İktidarla bir biçimde “iltisaklı” olan siyaset ya da iş dünyası çevrelerinin geçim probleminin olmadığı, hatta onların 23 yıllık süreçte gerçekleşen servet transferi ile bir hayli yükünü tuttuğu, buna karşılık, Ak Parti ile iltisakı sadece oy verme dozunda kalanlar dahil, milyon milyon milyon insanın yoksullukla boğuştuğu bir ülke… “Devlet yardımı” ile geçinen milyonlarca aile… Emeklisini boğan bir ekonomi yönetimi… Devleşen barınma sorunu… Orta gelir grubunun bile geçim endişesi içine düşürüldüğü bir ekonomi… Gele gele 22 yıl önceki gibi “özel misyonlu” bir kişinin – ekibin kurtarma operasyonuna giriştiği bir sonuca gelmişsiniz. Demek yıllar ekonomiyi batıran bir yönetimle geçmiş. Tarım ne halde, işsizlik ne halde, genç işsizliği ne halde? Nas hala “var” mı? “Ekonomist” ekonomist mi? “Faiz sebep enflasyon sonuç” mu? “Mandacı” mandacı mı? “Rasyonaliteye dönmek” asıl kimin yapacağı iş? Döviz ödemeli “Yolcu garantisi verilen” yollar, köprüler, mevcutları kapatma pahasına yapılan havaalanları, “Hasta garantisi verilen” ve şehirde mevcutları kapata kapata devreye sokulan şehir hastaneleri, geleceğin sırtına yüklenen borçlar… “Hangi rasyonalite, yani akıl” ile?

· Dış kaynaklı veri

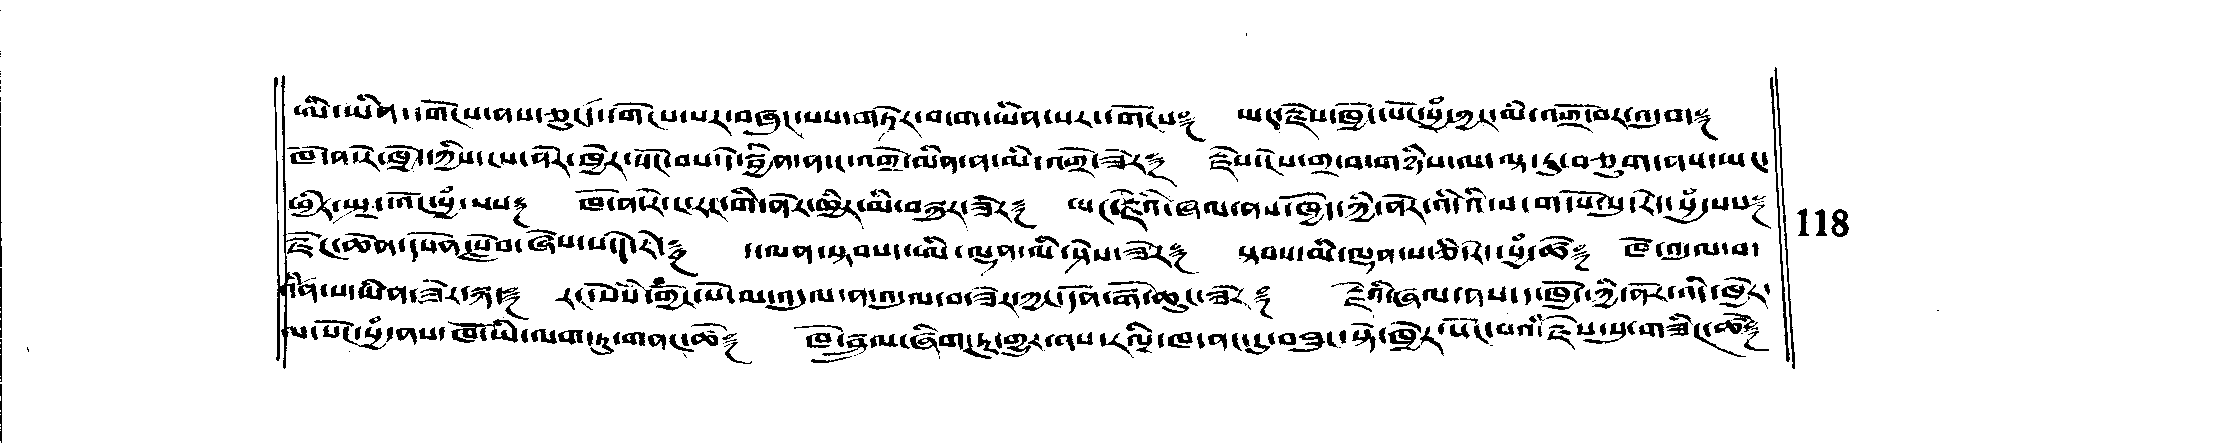ཨི་ཡིན་དགོངས་ནས་ཅུང་ཟད་དགོངས་པར་བཞུགས་པས་གཏེར་བདག་ཡིན་པར་དགོངས། ཡང་རྗེས་ཁྱོད་སོང་གསུངས་ཀྱང་མི་འགྲོ་བར་འདུག 
ཁོ་ན་རེ་ཁྱོད་ཀྱིས་ངའི་ནོར་ཁྱེར་སོང་བས་དེ་སྦྱིན་ན་ང་འགྲོ་མིན་ན་མི་འགྲོ་ཟེར། རྗེས་ངས་གྲྭ་པ་གཉིས་ལ་ལྟ་རུ་བཅུག་ནས་ཡང་
ཕྱིར་སྤྲད་འོང་གསུངས་པས། ཁོ་ན་རེ་ང་རང་གི་ནོར་ཕྱིར་མི་བསྐུར་ཟེར། ཡང་རྗེའི་ཞལ་ནས་ཁྱོད་ཀྱི་ནོར་འདིའི་བདག་པོ་སུ་རེད་གསུངས་པས། 
རྫོགས་ཆེན་དཔོན་སློབ་ཞེས་པ་དེ་རེད། ད་ལན་སྟབས་ཨི་ལྡན་མི་ཤེས་ཟེར། སྟབས་མི་ལྡན་པ་ཅི་རེད་གསུངས་ཚེ། ཁོ་འདུལ་བ་
འཛིན་པ་ཡིན་ཟེར་སྐད། རང་སེམས་གྱོང་པོ་མ་འདུལ་ན་འདུལ་བ་ཟེར་ཀྱང་དོན་སྒོ་ཆུང་ཟེར། རྗེའི་ཞལ་ནས་ད་ཁྱོད་ཀྱི་ནོར་འདི་ཁྱེར་
ལ་སོང་གསུངས་ནས་ཁོ་ཡི་ལག་ཏུ་གནང་ཚེ། ཁོ་སྦྲུལ་ཞིག་ཏུ་གྱུར་ནས་རལ་གྲི་ཁ་ནང་དུ་བཟུང་སྟེ་ཁྱེར་སོང་བའི་རྗེས་སུ་གཟིགས་ཚེ།
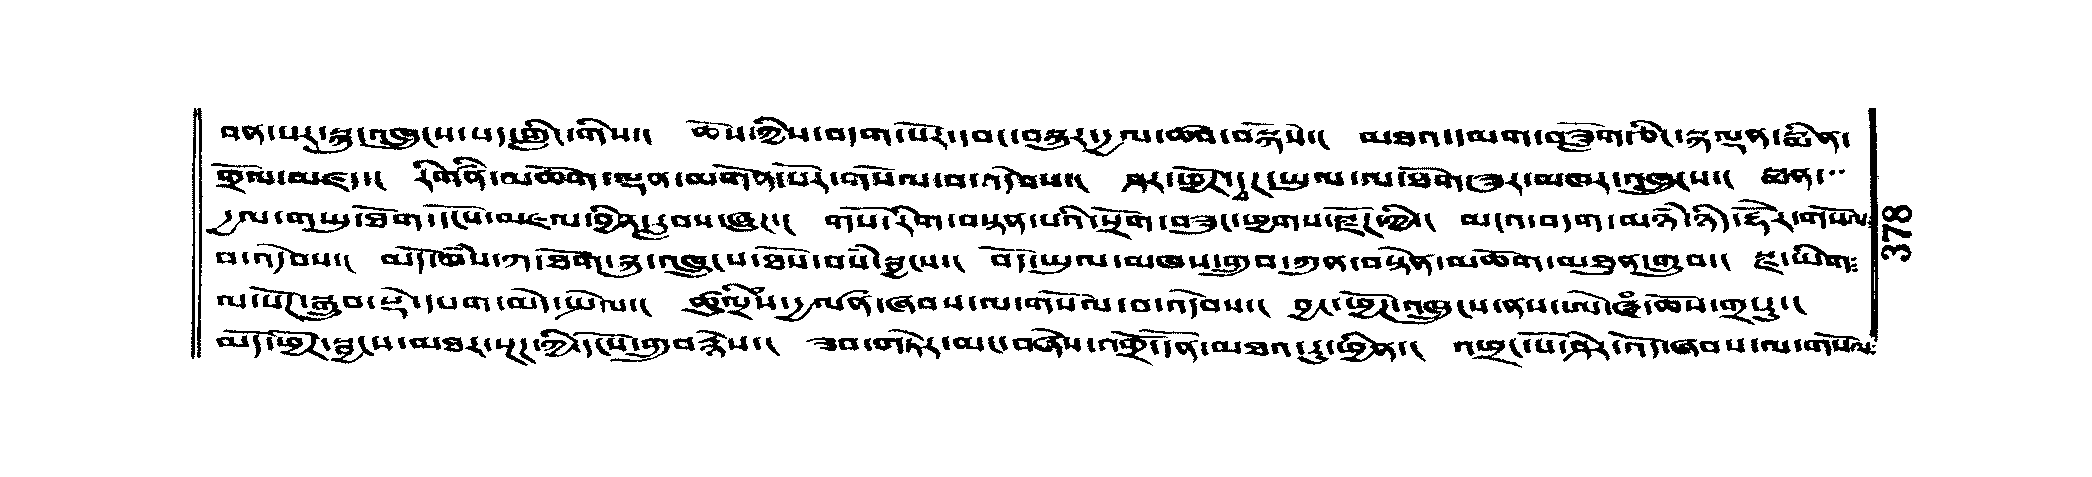དབེན་སར་སྐུ་འཁྲུངས་པད་གླིང་གིས། །ཆོས་ཀྱིས་བདག་པོར་དབང་བསྐུར་རྒྱལ་ཚབ་བསྐོས། །མཐའ་དམག་བཟློག་ཅིང་སྐལ་ལྡན་སྨིན་
གྲོལ་མཛད། །རིག་འཛིན་མཆོག་ལྡན་མགོན་པོར་གསོལ་བ་འདེབས། །ཤར་ཕྱོགས་དྭགས་ཡུལ་ལ་ཐོག་ཟུར་མཁར་འཁྲུངས། །སྨན་
རྒྱལ་གཡུ་ཐོག་དངོས་མཇལ་བྱིན་རླབས་ཞུགས། །གསོ་རིག་བསྟན་པའི་སྲོག་བཟུང་ཕྱག་རྫོགས་ཀྱི། །མངའ་བདག་མཉམ་ཉིད་རྡོ་རྗེར་གསོལ་
བ་འདེབས། །མདོ་ཁམས་ཀཿཐོག་སྐུ་འཁྲུངས་ཐོས་བསམ་སྦྱངས། །བོད་ཡུལ་མཁས་གྲུབ་ཀུན་བསྟེན་མཆོག་ཐུན་གྲུབ། །རྫ་ཡིག་
ལ་སོགས་སྒྲུབ་སྡེ་དཔག་མེད་སྤེལ། །ཚུལ་ཁྲིམས་རྒྱལ་མཚན་ཞབས་ལ་གསོལ་བ་འདེབས། །བྱང་ཕྱོགས་འཁྲུངས་ནས་ཨེ་ཝཾ་ཆོས་གྲ་རུ། །
མདོ་ཕྱོགས་སྦྱངས་མཐར་སྔགས་ཀྱི་དངོས་གྲུབ་བརྙེས། །ཟབ་གཏེར་མང་བཞེས་འགྲོ་དོན་མཐའ་རུ་ཕྱིན། །འཕྲེང་པོ་ཤེར་འོད་ཞབས་ལ་གསོལ་
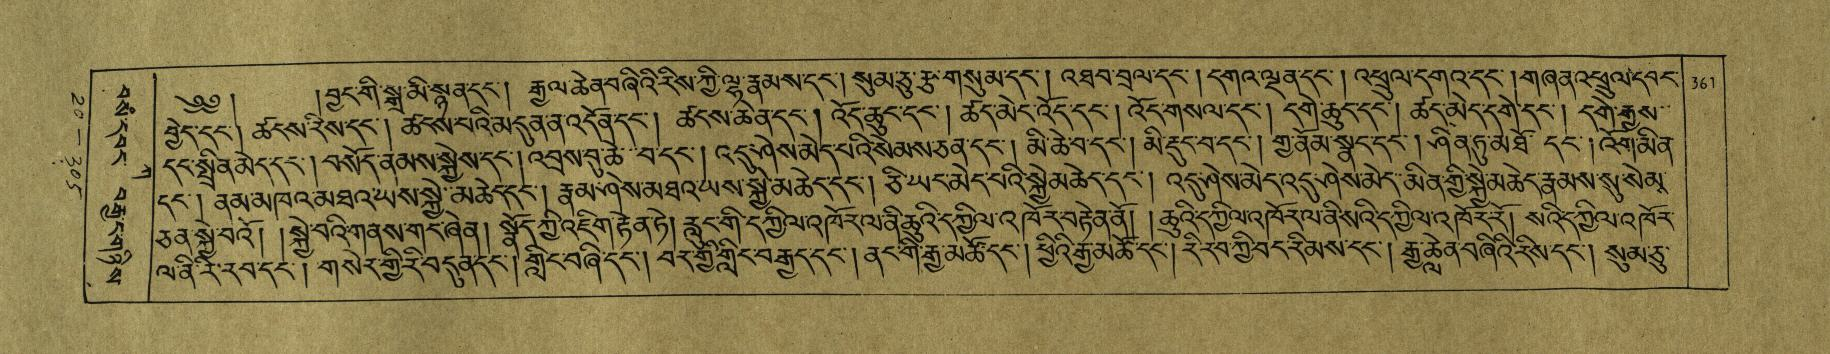༄༅། །བྱང་གི་སྒྲ་མི་སྙན་དང་། རྒྱལ་ཆེན་བཞིའི་རིས་ཀྱི་ལྷ་རྣམས་དང་། སུམ་ཅུ་རྩ་གསུམ་དང་། འཐབ་བྲལ་དང་། དགའ་ལྡན་དང་། འཕྲུལ་དགའ་དང་། གཞན་འཕྲུལ་དབང་
བྱེད་དང་། ཚངས་རིས་དང་། ཚངས་པའི་མདུན་ན་འདོན་དང་། ཚངས་ཆེན་དང་། འོད་ཆུང་དང་། ཚད་མེད་འོད་དང་། འོད་གསལ་དང་། དགེ་ཆུང་དང་། ཚད་མེད་དགེ་དང་། དགེ་རྒྱས་
དང་སྤྲིན་མེད་དང་། བསོད་ནམས་སྐྱེས་དང་། འབྲས་བུ་ཆེ་བ་དང་། འདུ་ཤེས་མེད་པའི་སེམས་ཅན་དང་། མི་ཆེ་བ་དང་། མི་རྡུང་བ་དང་། གྱ་ནོམ་སྣང་དང་། ཤིན་ཏུ་མཐོ་དང་། འོག་མིན་
དང་། ནམ་མཁའ་མཐའ་ཡས་སྐྱེ་མཆེད་དང་། རྣམ་ཤེས་མཐའ་ཡས་སྐྱེ་མཆེད་དང་། ཅི་ཡང་མེད་པའི་སྐྱེ་མཆེད་དང་། འདུ་ཤེས་མེད་འདུ་ཤེས་མེད་མིན་གྱི་སྐྱེ་མཆེད་རྣམས་སུ་སེམས་
ཅན་སྐྱེ་བའོ། །སྐྱེ་བའི་གནས་གང་ཞེན། སྣོད་ཀྱི་འཇིག་རྟེན་ཏེ། རླུང་གི་དཀྱིལ་འཁོར་ལ་ནི་ཆུའི་དཀྱིལ་འཁོར་བརྟེན་ནོ། །ཆུའི་དཀྱིལ་འཁོར་ལ་ནི་སའི་དཀྱིལ་འཁོར་རོ། སའི་དཀྱིལ་འཁོར་
ལ་ནི་རི་རབ་དང་། གསེར་གྱི་རི་བདུན་དང་། གླིང་བཞི་དང་། བར་གྱི་གླིང་བརྒྱད་དང་། ནང་གི་རྒྱ་མཚོ་དང་། ཕྱིའི་རྒྱ་མཚོ་དང་། རི་རབ་ཀྱི་བང་རིམས་དང་། རྒྱལ་ཆེན་བཞིའི་རིས་དང་། སུམ་ཅུ་

-Adalet nasıl? Partinin isminin başına konan adalet? Bu siyasi kadronun ilk misyonunu ifade eden adalet? İşimize gelecek nitelikte kadrolaşıyoruz, kadrolaşıyoruz, kadrolaşıyoruz… “Yargı reformlarımız” lafta kalıyor. Mafyalarla ilişki, bilmem ne borsaları, bir “paralel yapı”dan kurtulup diğerine savrulmalar… Bu arada da yargıya güven yerlerde sürünüyor.

-Dış politika nasıl? “Lider diplomasi”sinin “U dönüşleri” içinden geçerken dünyada ağırlığımız artıyor mu azalıyor mu? Bizzat kendi coğrafyamızdan emin miyiz? Müttefiklerimiz müttefik mi? Tam “normalleşirken” , bu arada Netanyahu Türkiye’ye gelecekken İsrail’in içinden nasıl bir canavar çıktı ve kadın, çocuk demeden can alarak Gazze’yi adım adım yutuyor? Biz ise Gazze faciasının bilmem kaçıncı ayında İsrail ile ticari ilişkileri dondurabilmişiz…

Türkiye 23 yıl verdi, bu kendini “muhafazakâr demokrat” diye tanımlayan kadroya… Başka başka başka kadrolardan aldı ve bu kadroya verdi. İnsanlar bu kadronun “misyon”unu önemsedi. “Misyon”da kendini buldu. “Türkiye kendini bulur” dişe düşündü.

Gelinen nokta yüz ağartıcı değil. 31 Mart’ta “Böyle olmaz” denildi. “Misyon”a gönül verenler dahil, insanlar en çok da “samimiyetin kaybolduğu” ve “Güç zehirlenmesi yaşandığı” gibi bir duygu durumu içine girdiler.

Ve şimdi konu “yeniden toparlanma olur mu, bunu km yapabilir ve Erdoğan’dan sonrası nasıl olur?” sorusuna geldi.